We developed a MATLAB application for drift detection that compares values in newly observed data with values in the model’s training set.
In production, it reads the observed data in near real time from an Apache® Kafka stream and makes battery health predictions with a MATLAB function that processes the observations using our machine learning model (Figure 4). We developed this MATLAB function using the Streaming Data Framework for MATLAB Production Server, which enabled us to move easily from processing historical data in files to live data in Kafka streams. The framework processes streaming data via a series of iterations because the complete stream doesn’t fit into memory. Each iteration consists of four steps: read a batch of observations from the stream, load the model, make a prediction and write it to an output stream, and, if necessary, save any data required for the next iteration.
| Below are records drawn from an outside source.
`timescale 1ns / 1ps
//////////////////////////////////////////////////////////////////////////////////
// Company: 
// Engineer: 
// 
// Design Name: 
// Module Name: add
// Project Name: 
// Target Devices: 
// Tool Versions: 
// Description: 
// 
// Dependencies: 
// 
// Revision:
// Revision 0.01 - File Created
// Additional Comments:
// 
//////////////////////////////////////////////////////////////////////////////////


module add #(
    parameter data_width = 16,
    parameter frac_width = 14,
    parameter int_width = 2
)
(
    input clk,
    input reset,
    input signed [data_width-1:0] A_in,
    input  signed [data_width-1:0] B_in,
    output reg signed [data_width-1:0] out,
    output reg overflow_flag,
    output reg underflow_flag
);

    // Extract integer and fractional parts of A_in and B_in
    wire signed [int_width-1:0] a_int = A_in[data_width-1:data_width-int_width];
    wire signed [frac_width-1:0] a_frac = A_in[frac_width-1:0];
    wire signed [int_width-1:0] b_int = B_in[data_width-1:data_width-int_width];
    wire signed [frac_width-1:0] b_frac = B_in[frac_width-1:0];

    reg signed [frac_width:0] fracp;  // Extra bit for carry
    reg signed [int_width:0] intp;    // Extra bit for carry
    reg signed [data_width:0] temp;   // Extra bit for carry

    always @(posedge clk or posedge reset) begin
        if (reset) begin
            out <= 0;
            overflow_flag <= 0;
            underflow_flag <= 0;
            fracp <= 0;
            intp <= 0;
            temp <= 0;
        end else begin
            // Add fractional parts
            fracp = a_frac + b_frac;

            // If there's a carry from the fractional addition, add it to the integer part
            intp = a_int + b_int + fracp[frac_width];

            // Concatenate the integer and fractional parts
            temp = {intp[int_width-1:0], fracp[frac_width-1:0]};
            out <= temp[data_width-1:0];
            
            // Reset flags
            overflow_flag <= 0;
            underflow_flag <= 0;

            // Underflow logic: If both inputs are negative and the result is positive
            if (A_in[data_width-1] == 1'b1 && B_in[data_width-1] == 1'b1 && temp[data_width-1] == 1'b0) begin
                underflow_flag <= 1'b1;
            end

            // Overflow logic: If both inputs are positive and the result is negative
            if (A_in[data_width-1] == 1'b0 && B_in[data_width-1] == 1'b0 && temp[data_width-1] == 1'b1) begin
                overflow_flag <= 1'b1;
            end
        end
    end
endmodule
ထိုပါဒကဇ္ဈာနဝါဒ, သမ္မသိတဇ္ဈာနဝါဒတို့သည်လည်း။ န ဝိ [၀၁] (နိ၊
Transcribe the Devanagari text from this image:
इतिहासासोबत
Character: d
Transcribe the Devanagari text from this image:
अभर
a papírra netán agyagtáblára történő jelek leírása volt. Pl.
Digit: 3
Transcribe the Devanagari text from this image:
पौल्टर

The size of each batch spans a time interval long enough to ensure the extracted features capture sufficient battery characteristics for a valid SOH prediction.
Note that even if the drift detection application determines that there has been a significant change in the observed data, that does not necessarily mean the machine learning model is outdated. The application cannot determine if the model is outdated until it obtains response values (or labels) for the newly observed data, which it does by propagating the new data through the physics-based SOH model. At that point, the application can compare the response values from the physics-based model with the response values from the machine learning model; if the values vary significantly, it is time to invoke the Auto ML component with the new data and automatically create a new machine learning model optimized for the data now coming in from the fleet.
It's fair to ask why we need a machine learning model to predict a battery’s state of health if we can estimate it via simulation in the first place. The answer is that the ML model can generate predictions in near real time—much faster than is possible via physics-based simulations.
A Scalable, Generalizable Architecture
We designed the architecture for automating ML Ops to be horizontally scalable. Both the prediction and the monitoring components run on MATLAB Production Server and the model training is done on MATLAB Parallel Server (Figure 5). The architecture is also generalizable. Although our example focused on predictive maintenance and drift detection for electric buses, the architecture can be easily adapted to other applications and use cases. For example, the physics-based Simulink model can be replaced with a numerical model developed in MATLAB. Likewise, many of the off-the-shelf components that we used—such as Apache Kafka for data streaming, Grafana for the dashboard framework—can be replaced with other cloud-native services.
The use of off-the-shelf components enabled us to focus on the architecture instead of implementation details, much like a fully automated ML Ops cycle enables data scientists to focus on designing machine learning solutions instead of managing IT administration details.